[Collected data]

== Segment start ==

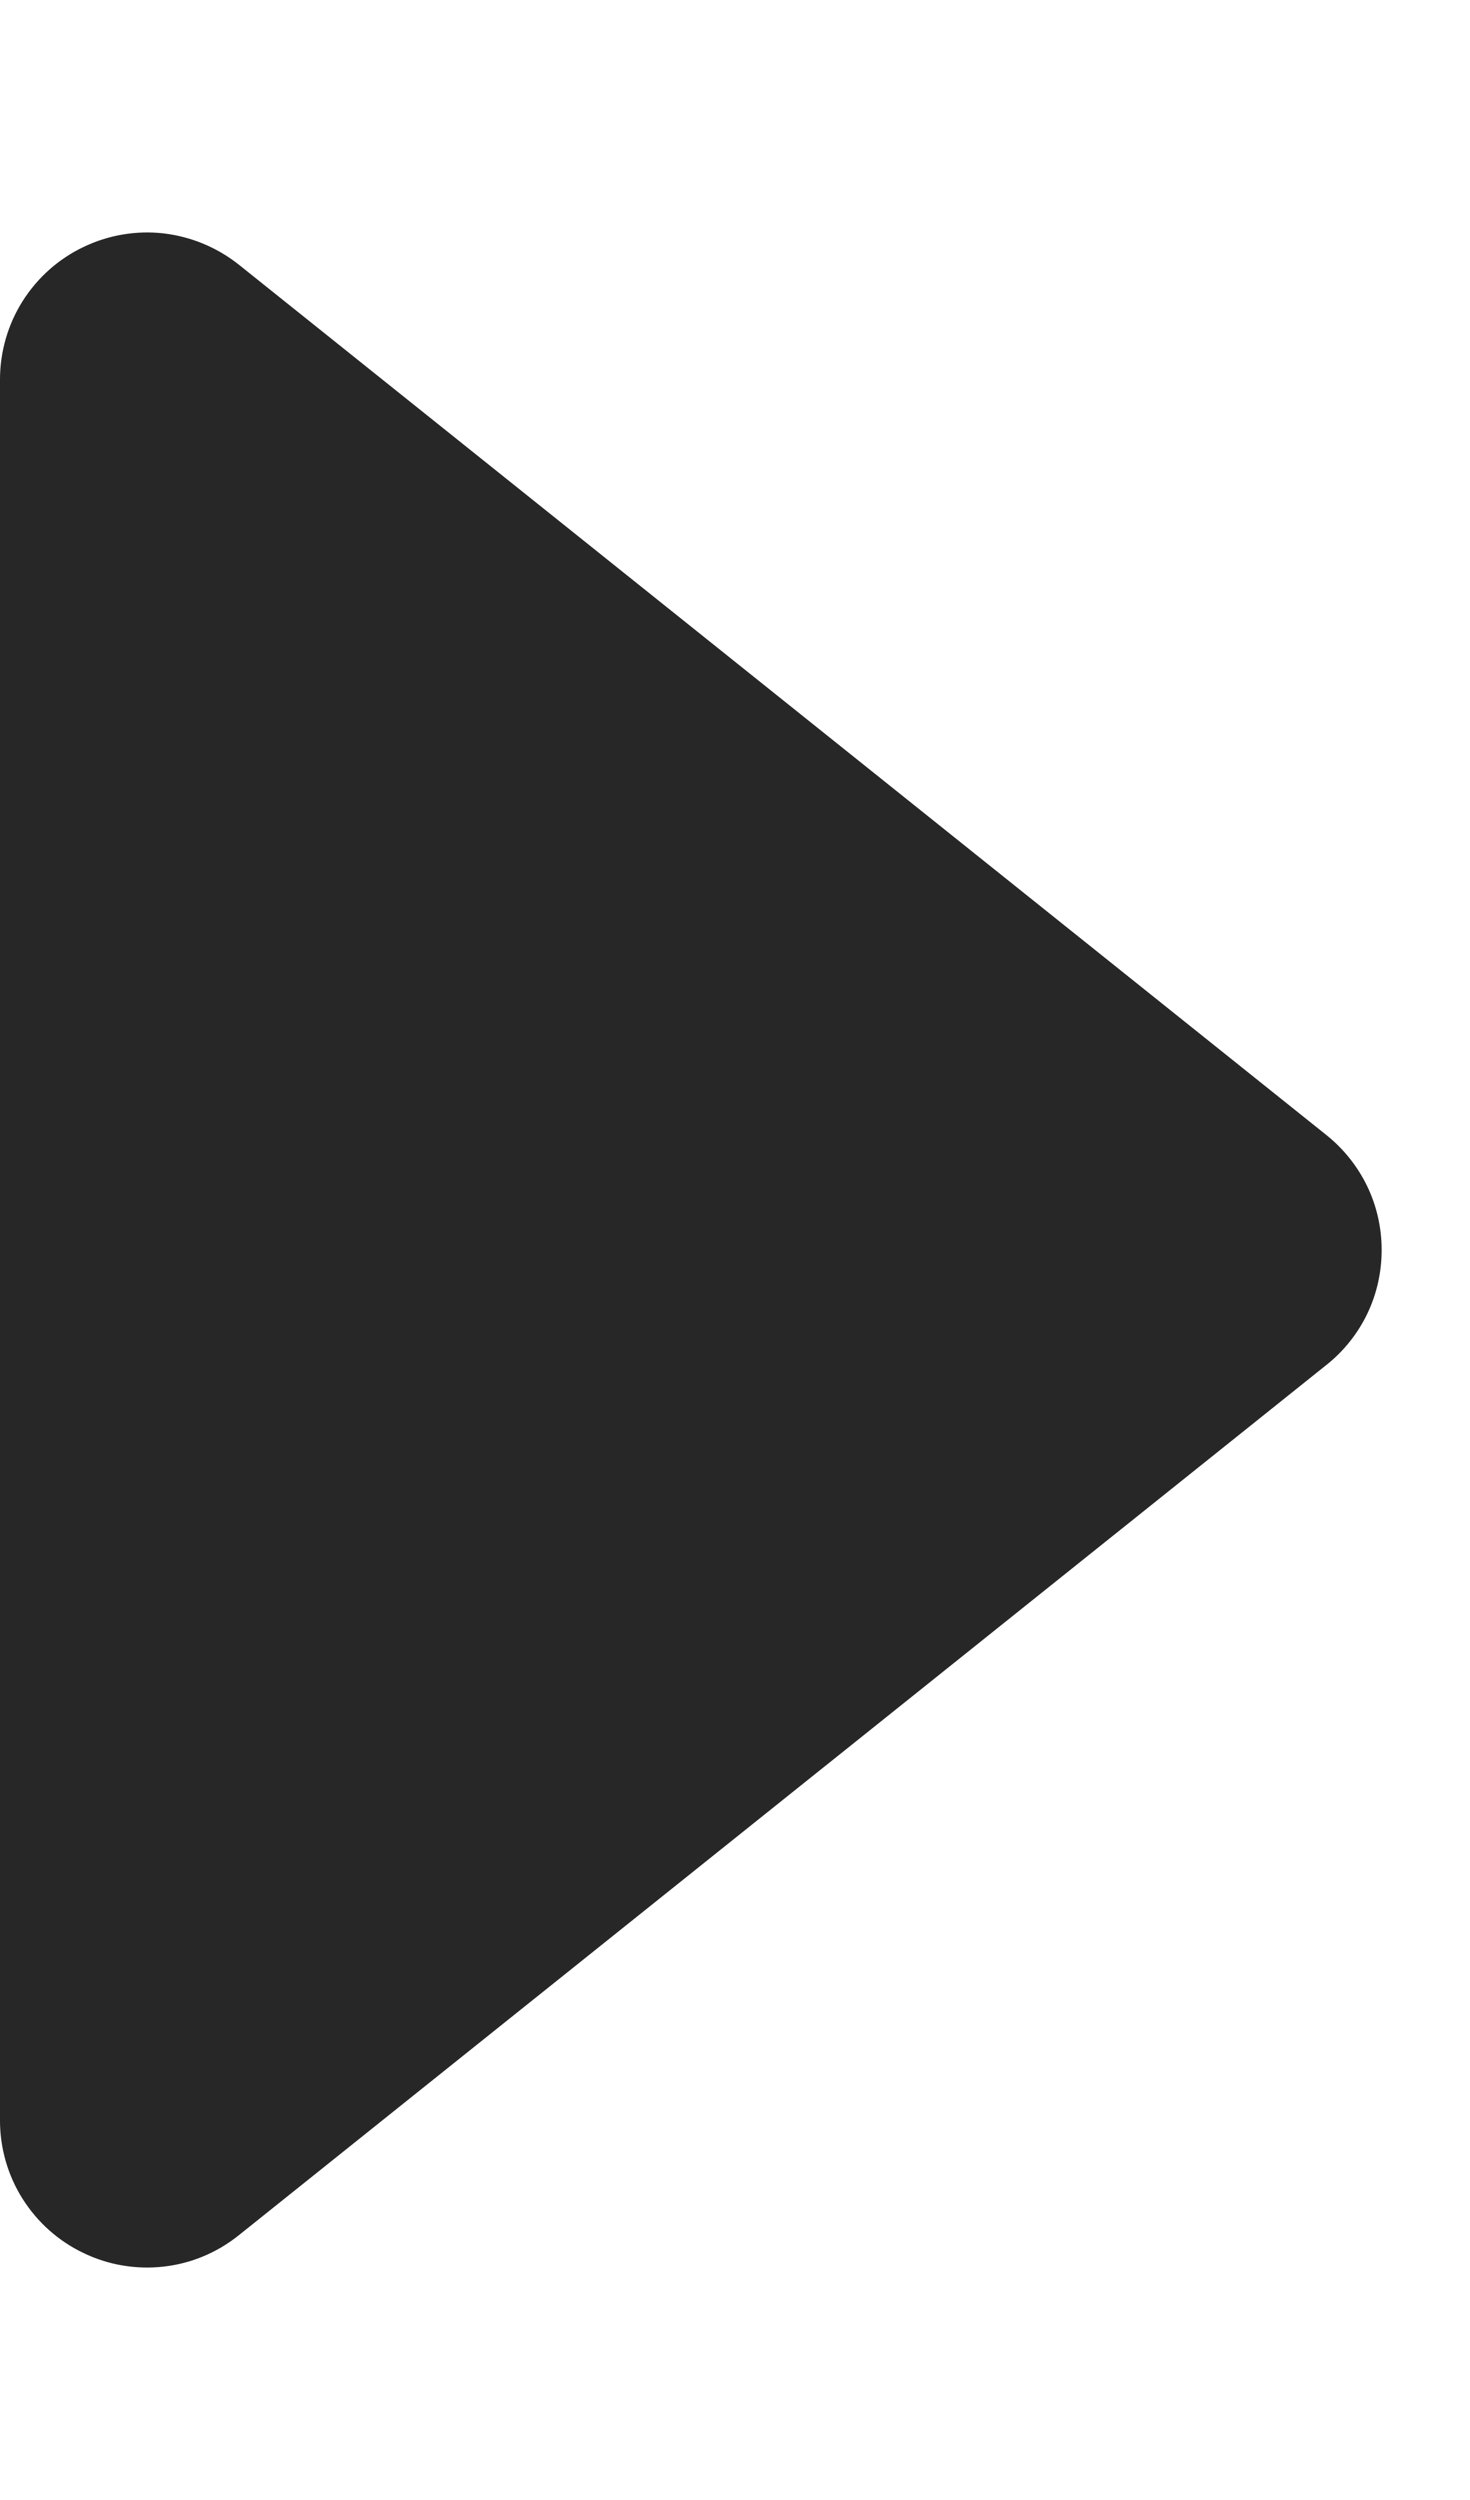 <svg xmlns="http://www.w3.org/2000/svg" width="10" height="17" viewBox="0 0 10 17" fill="none">
<g clip-path="url(#clip0_526_1129)">
<path d="M9.024 7.719C9.141 7.813 9.236 7.932 9.301 8.067C9.366 8.202 9.399 8.35 9.399 8.5C9.399 8.65 9.366 8.799 9.301 8.934C9.236 9.069 9.141 9.188 9.024 9.281L1.624 15.2C1.477 15.318 1.3 15.392 1.113 15.413C0.925 15.434 0.736 15.402 0.567 15.32C0.397 15.239 0.254 15.111 0.153 14.951C0.053 14.792 2.47955e-05 14.608 -5.53131e-05 14.419V2.581C-0 2.393 0.053 2.208 0.153 2.049C0.254 1.889 0.397 1.761 0.567 1.68C0.737 1.598 0.926 1.566 1.113 1.587C1.3 1.609 1.478 1.683 1.625 1.8L9.024 7.719Z" fill="#272727"/>
</g>
<defs>
<clipPath id="clip0_526_1129">
<rect width="10" height="16" fill="white" transform="translate(0 0.5)"/>
</clipPath>
</defs>
</svg>

== Segment end ==

[WHAT TO WORK ON]
All of the entries need to be retyped word for word, pictures excluded.

[EXERCISE OUTPUT]
 <svg xmlns="http://www.w3.org/2000/svg" width="10" height="17" viewBox="0 0 10 17" fill="none">
<g clip-path="url(#clip0_526_1129)">
<path d="M9.024 7.719C9.141 7.813 9.236 7.932 9.301 8.067C9.366 8.202 9.399 8.35 9.399 8.5C9.399 8.65 9.366 8.799 9.301 8.934C9.236 9.069 9.141 9.188 9.024 9.281L1.624 15.2C1.477 15.318 1.3 15.392 1.113 15.413C0.925 15.434 0.736 15.402 0.567 15.32C0.397 15.239 0.254 15.111 0.153 14.951C0.053 14.792 2.47955e-05 14.608 -5.53131e-05 14.419V2.581C-0 2.393 0.053 2.208 0.153 2.049C0.254 1.889 0.397 1.761 0.567 1.68C0.737 1.598 0.926 1.566 1.113 1.587C1.3 1.609 1.478 1.683 1.625 1.8L9.024 7.719Z" fill="#272727"/>
</g>
<defs>
<clipPath id="clip0_526_1129">
<rect width="10" height="16" fill="white" transform="translate(0 0.5)"/>
</clipPath>
</defs>
</svg>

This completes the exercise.